Остатки моей роты сбились в кучу. Нас засыпали градом пуль. Они перебили мне обе руки. Я закричал от боли. Не мог ни воспользоваться револьвером, ни отбиваться шашкой. Упал грудью на орудие в надежде выиграть хоть несколько секунд. Рядом рухнул еще один раненый прапорщик.
С грохотом рассыпался горящий мост. С правого берега помощи ждать не приходилось. Почему-то молчали оставшиеся пушки, хотя могли засыпать сады с укрывающимися врагами градом картечи. Мне оставалось лишь крутить головой и с горечью наблюдать, как рубят моих солдат.
Нас атаковали с шашками наголо. Солдаты начали сдаваться в плен, видя бессмысленность дальнейшего сопротивления. Сильные руки вцепились в меня со всех сторон. Вздернули меня вверх. Радостные салатаевцы скалили зубы и трясли перед моим лицом здоровенными бебутами, с которых капала кровь.
Что сказать? Победа кинжала над штыком вышла у чиркеевцев полной и безоговорочной.
[1] Унтер-офицерский экзамен на офицерский чин был разделен на два разряда. Первый, самый упрощенный, представлял собой простое письмо под диктовку.

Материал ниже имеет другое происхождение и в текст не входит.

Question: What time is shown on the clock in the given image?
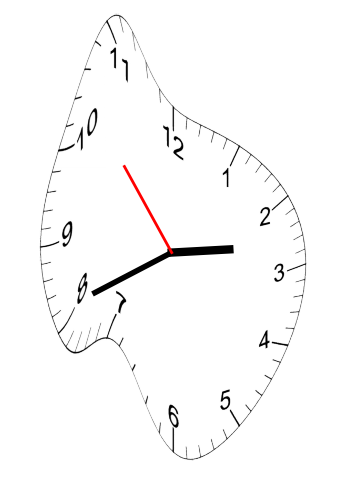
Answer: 02:40:53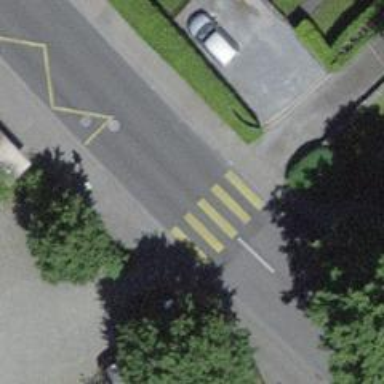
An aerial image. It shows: Road with traffic signals.

[2] Это не авторская выдумка. Так было на самом деле. Один из детей Ахульго, ашильтинец Хасан-Хаджио, был усыновлен в России состоятельным помещиком Парамоновым. Он попал в армию офицером и добился, чтобы его именовали Малачихановым. Н. И. Парамонов-Малачиханов встречался в Калуге с почетным пленником, имамом Шамилем. Служил в Колывановском и Ширванском полках. По одной из версий вышел в отставку полковником.
[3] Подлинная фраза из дневника Граббе. Жуткий тип!